(What you are asked to do)
Quote all entries in full, exactly.

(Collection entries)
=-=-=

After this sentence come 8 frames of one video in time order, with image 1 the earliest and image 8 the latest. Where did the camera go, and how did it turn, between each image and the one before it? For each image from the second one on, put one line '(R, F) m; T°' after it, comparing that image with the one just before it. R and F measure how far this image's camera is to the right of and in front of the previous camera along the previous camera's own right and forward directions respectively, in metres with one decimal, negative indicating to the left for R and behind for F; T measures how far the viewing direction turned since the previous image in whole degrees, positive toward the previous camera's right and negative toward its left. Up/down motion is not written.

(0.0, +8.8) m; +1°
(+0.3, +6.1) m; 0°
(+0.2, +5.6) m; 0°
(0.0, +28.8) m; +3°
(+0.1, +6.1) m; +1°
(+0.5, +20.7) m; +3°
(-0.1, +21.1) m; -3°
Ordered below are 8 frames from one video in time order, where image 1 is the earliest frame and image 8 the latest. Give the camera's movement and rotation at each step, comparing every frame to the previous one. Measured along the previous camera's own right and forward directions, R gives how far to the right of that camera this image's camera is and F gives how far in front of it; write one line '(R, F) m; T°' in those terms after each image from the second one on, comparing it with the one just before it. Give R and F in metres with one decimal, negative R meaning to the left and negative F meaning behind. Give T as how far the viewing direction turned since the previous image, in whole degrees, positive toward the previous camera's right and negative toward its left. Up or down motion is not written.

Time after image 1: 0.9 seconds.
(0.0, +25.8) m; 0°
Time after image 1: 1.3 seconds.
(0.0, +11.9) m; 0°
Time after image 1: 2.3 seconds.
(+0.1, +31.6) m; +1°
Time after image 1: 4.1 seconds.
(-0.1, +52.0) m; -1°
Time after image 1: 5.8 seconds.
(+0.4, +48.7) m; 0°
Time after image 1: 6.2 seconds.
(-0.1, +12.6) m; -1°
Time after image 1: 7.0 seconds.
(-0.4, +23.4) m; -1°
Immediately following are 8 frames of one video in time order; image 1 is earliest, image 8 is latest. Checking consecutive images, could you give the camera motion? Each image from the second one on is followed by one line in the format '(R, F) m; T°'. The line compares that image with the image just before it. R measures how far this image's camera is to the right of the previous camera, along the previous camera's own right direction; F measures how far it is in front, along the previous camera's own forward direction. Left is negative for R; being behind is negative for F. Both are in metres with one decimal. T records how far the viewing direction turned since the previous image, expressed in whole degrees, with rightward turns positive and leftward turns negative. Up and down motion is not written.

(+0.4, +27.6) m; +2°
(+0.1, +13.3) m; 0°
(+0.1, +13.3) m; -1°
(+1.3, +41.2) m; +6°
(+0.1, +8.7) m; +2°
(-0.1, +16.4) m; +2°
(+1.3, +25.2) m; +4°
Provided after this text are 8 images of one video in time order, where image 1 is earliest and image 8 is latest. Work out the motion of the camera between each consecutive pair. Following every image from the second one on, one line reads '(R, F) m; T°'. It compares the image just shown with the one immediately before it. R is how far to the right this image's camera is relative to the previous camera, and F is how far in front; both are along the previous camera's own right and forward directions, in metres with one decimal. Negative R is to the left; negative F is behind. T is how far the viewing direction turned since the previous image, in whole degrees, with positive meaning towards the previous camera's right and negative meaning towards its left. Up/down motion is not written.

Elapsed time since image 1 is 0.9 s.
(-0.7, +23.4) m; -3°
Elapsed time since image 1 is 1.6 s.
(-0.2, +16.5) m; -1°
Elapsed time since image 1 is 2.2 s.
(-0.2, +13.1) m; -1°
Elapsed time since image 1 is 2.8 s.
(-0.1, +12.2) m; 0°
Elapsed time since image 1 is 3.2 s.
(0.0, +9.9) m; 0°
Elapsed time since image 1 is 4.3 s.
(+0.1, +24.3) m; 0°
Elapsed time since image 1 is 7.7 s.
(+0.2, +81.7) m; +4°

=-=-=

(Written reply)
After this sentence come 8 frames of one video in time order, with image 1 the earliest and image 8 the latest. Where did the camera go, and how did it turn, between each image and the one before it? For each image from the second one on, put one line '(R, F) m; T°' after it, comparing that image with the one just before it. R and F measure how far this image's camera is to the right of and in front of the previous camera along the previous camera's own right and forward directions respectively, in metres with one decimal, negative indicating to the left for R and behind for F; T measures how far the viewing direction turned since the previous image in whole degrees, positive toward the previous camera's right and negative toward its left. Up/down motion is not written.

(0.0, +8.8) m; +1°
(+0.3, +6.1) m; 0°
(+0.2, +5.6) m; 0°
(0.0, +28.8) m; +3°
(+0.1, +6.1) m; +1°
(+0.5, +20.7) m; +3°
(-0.1, +21.1) m; -3°
Ordered below are 8 frames from one video in time order, where image 1 is the earliest frame and image 8 the latest. Give the camera's movement and rotation at each step, comparing every frame to the previous one. Measured along the previous camera's own right and forward directions, R gives how far to the right of that camera this image's camera is and F gives how far in front of it; write one line '(R, F) m; T°' in those terms after each image from the second one on, comparing it with the one just before it. Give R and F in metres with one decimal, negative R meaning to the left and negative F meaning behind. Give T as how far the viewing direction turned since the previous image, in whole degrees, positive toward the previous camera's right and negative toward its left. Up or down motion is not written.

Time after image 1: 0.9 seconds.
(0.0, +25.8) m; 0°
Time after image 1: 1.3 seconds.
(0.0, +11.9) m; 0°
Time after image 1: 2.3 seconds.
(+0.1, +31.6) m; +1°
Time after image 1: 4.1 seconds.
(-0.1, +52.0) m; -1°
Time after image 1: 5.8 seconds.
(+0.4, +48.7) m; 0°
Time after image 1: 6.2 seconds.
(-0.1, +12.6) m; -1°
Time after image 1: 7.0 seconds.
(-0.4, +23.4) m; -1°
Immediately following are 8 frames of one video in time order; image 1 is earliest, image 8 is latest. Checking consecutive images, could you give the camera motion? Each image from the second one on is followed by one line in the format '(R, F) m; T°'. The line compares that image with the image just before it. R measures how far this image's camera is to the right of the previous camera, along the previous camera's own right direction; F measures how far it is in front, along the previous camera's own forward direction. Left is negative for R; being behind is negative for F. Both are in metres with one decimal. T records how far the viewing direction turned since the previous image, expressed in whole degrees, with rightward turns positive and leftward turns negative. Up and down motion is not written.

(+0.4, +27.6) m; +2°
(+0.1, +13.3) m; 0°
(+0.1, +13.3) m; -1°
(+1.3, +41.2) m; +6°
(+0.1, +8.7) m; +2°
(-0.1, +16.4) m; +2°
(+1.3, +25.2) m; +4°
Provided after this text are 8 images of one video in time order, where image 1 is earliest and image 8 is latest. Work out the motion of the camera between each consecutive pair. Following every image from the second one on, one line reads '(R, F) m; T°'. It compares the image just shown with the one immediately before it. R is how far to the right this image's camera is relative to the previous camera, and F is how far in front; both are along the previous camera's own right and forward directions, in metres with one decimal. Negative R is to the left; negative F is behind. T is how far the viewing direction turned since the previous image, in whole degrees, with positive meaning towards the previous camera's right and negative meaning towards its left. Up/down motion is not written.

Elapsed time since image 1 is 0.9 s.
(-0.7, +23.4) m; -3°
Elapsed time since image 1 is 1.6 s.
(-0.2, +16.5) m; -1°
Elapsed time since image 1 is 2.2 s.
(-0.2, +13.1) m; -1°
Elapsed time since image 1 is 2.8 s.
(-0.1, +12.2) m; 0°
Elapsed time since image 1 is 3.2 s.
(0.0, +9.9) m; 0°
Elapsed time since image 1 is 4.3 s.
(+0.1, +24.3) m; 0°
Elapsed time since image 1 is 7.7 s.
(+0.2, +81.7) m; +4°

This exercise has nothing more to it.